Here is what I found out:
1. a lot of the data at training-monolingual.tokenized/news.20??.en.shuffled.tokenized consists of duplicate sentences. To give you some numbers: out of 112905708 sentences, 30467544 have count higher than one; these are not short sentences, in fact most of the dups are long sentences according to the following histogram:
Histogram of sentence lengths with duplicates from one Reduce shard (about 1M sentences)
histogram[1]=3
histogram[2]=201
histogram[3]=567
histogram[4]=1097
histogram[5]=1991
histogram[6]=2953
histogram[7]=4127
histogram[8]=5010
histogram[9]=5988
histogram[10]=6569
histogram[11]=7205
histogram[12]=7787
histogram[13]=8404
histogram[14]=8691
histogram[15]=9065
histogram[16]=9729
histogram[17]=9924
histogram[18]=9934
histogram[19]=10314
histogram[20]=10599
histogram[>20]=183636
2. After removing the duplicates (we thus keep unique sentences) and thoroughly shuffling the data, the total number of words in the data drops from 2.9B to 0.8B (829250940 including sentence boundary markers).

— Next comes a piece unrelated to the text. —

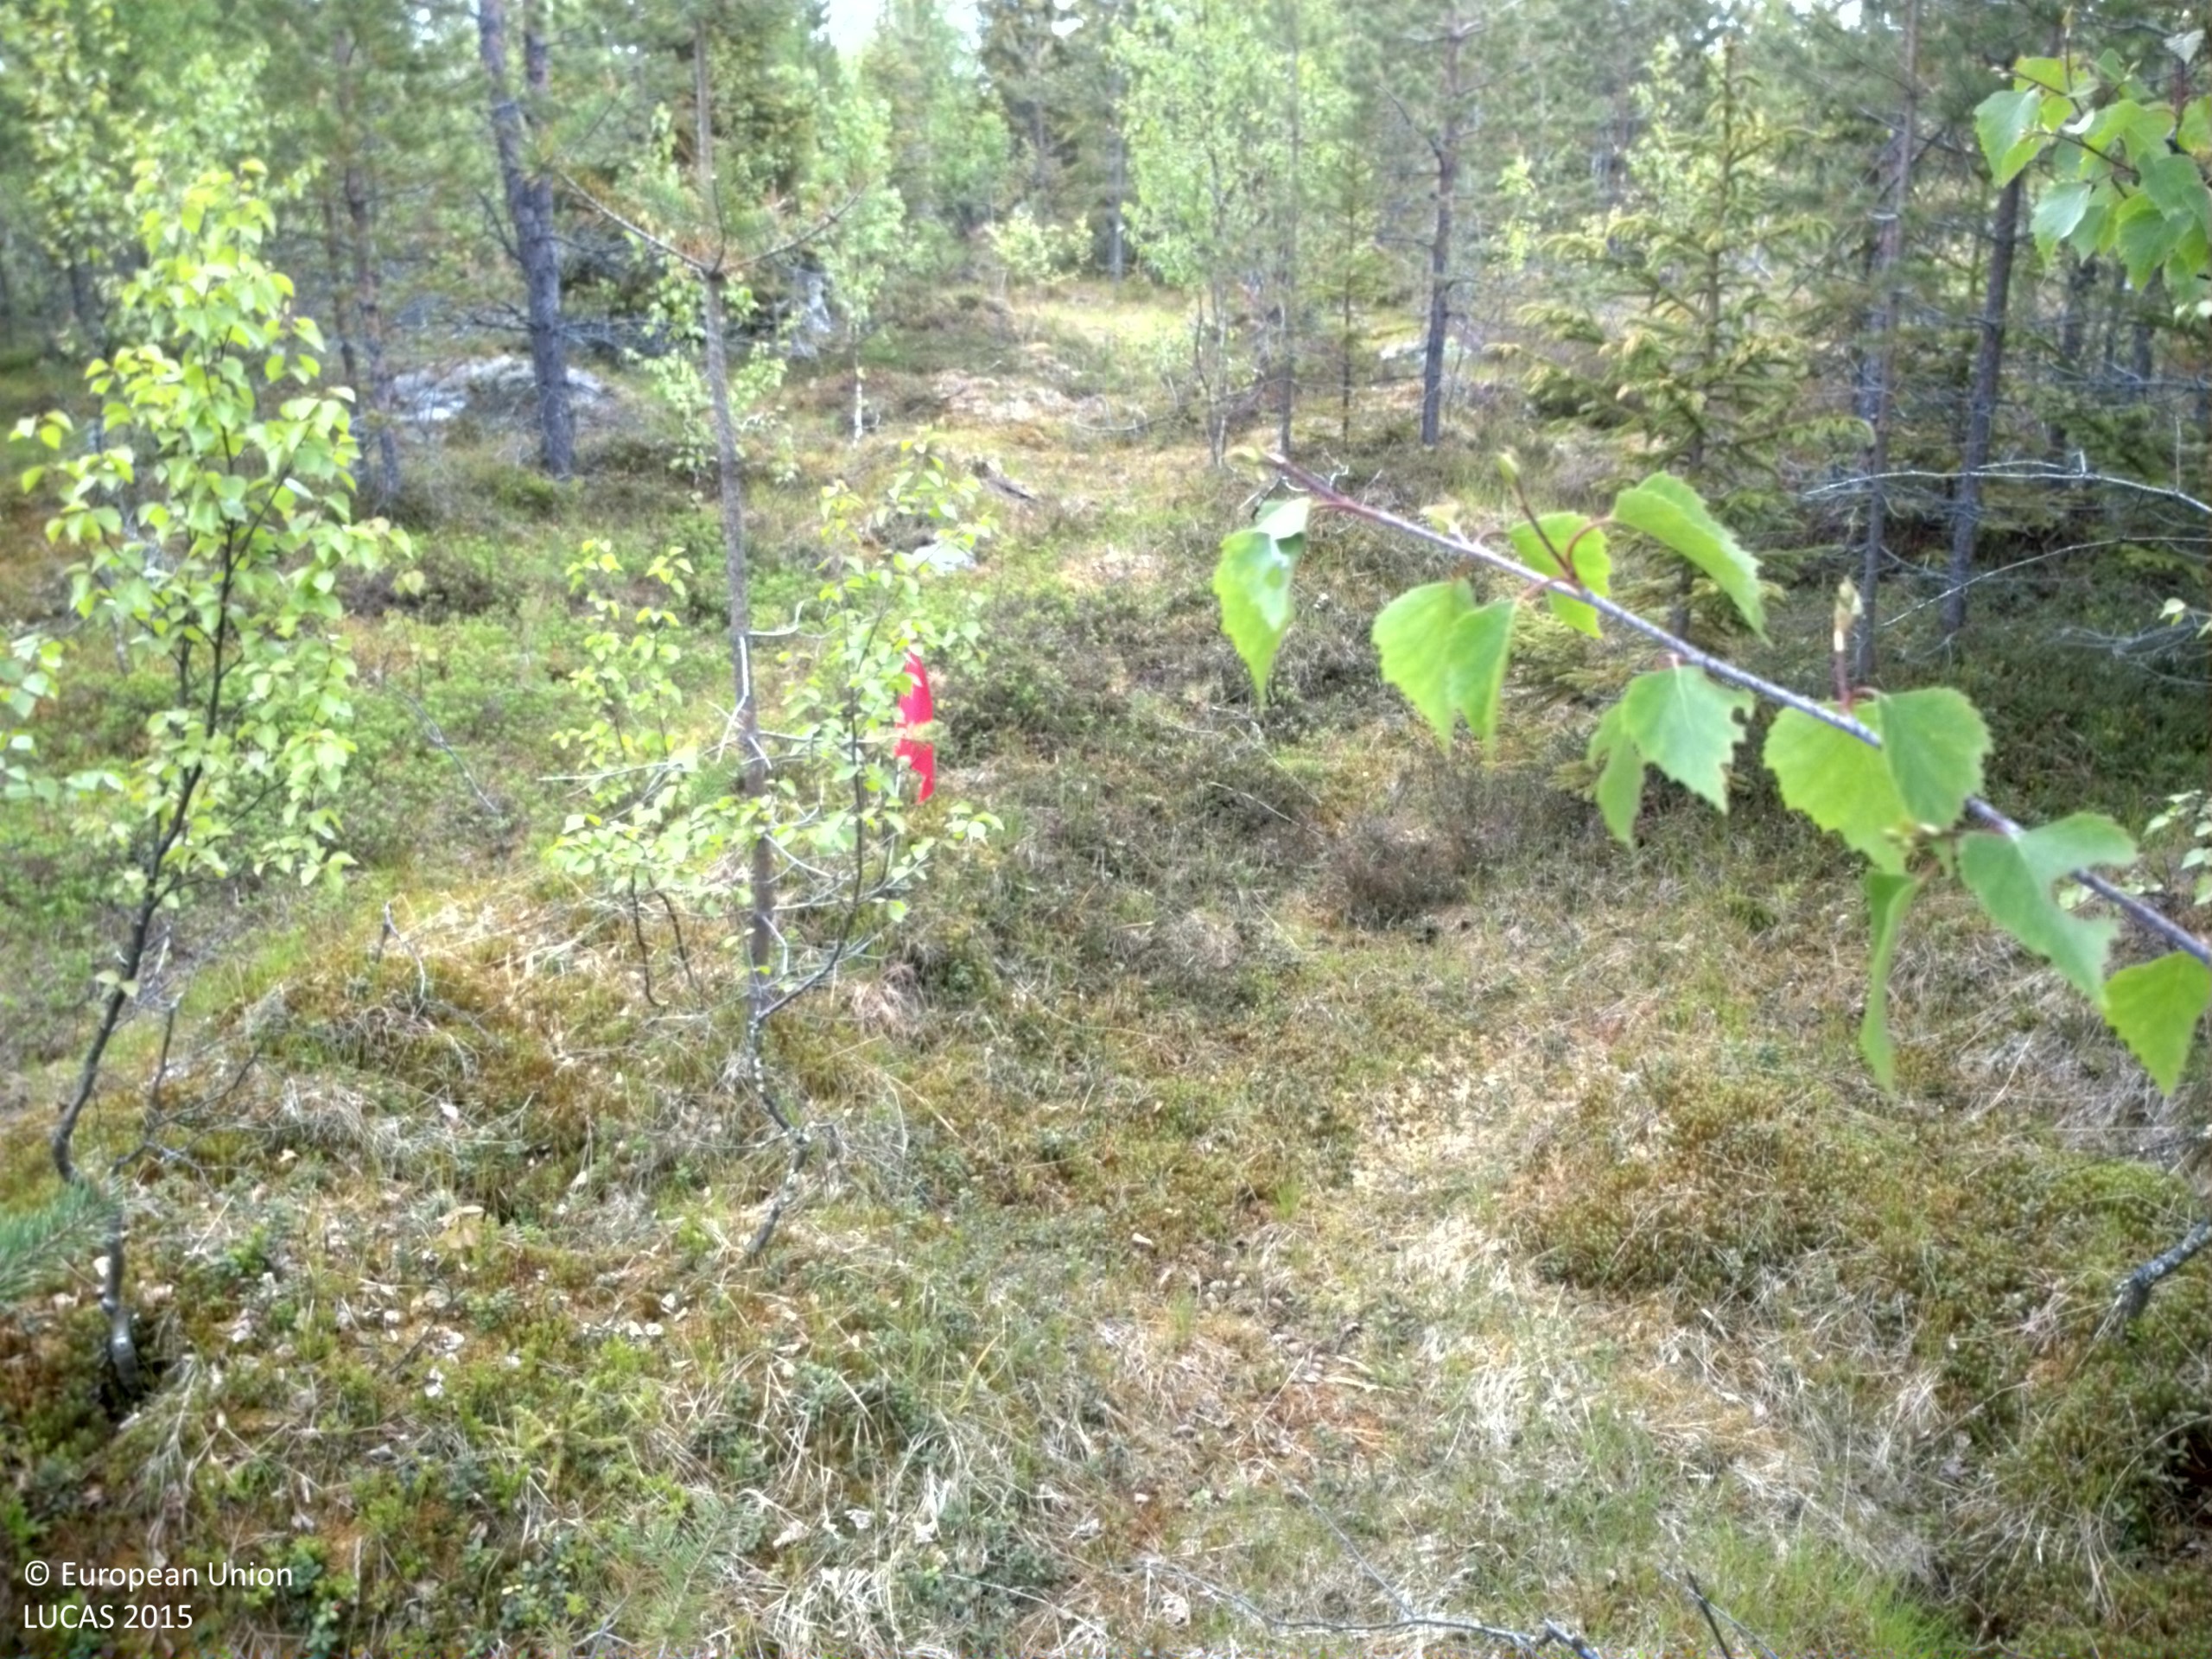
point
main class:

3. As a final step, Tony Robinson tried reproducing the corpus generation from scratch, and failed due to mismatches between his Perl version and ours, as well as irreproduceable use of the random number generator used for shuffling the data.
The final solution shuffles and sorts the raw data published at statmt.org, partitions it in training/held-out data sets, and then pre-processes it.
README.corpus_generation_checkpoints lists the md5sum checksums for all the generated files, and the versions of Perl, sort and tar used for producing it.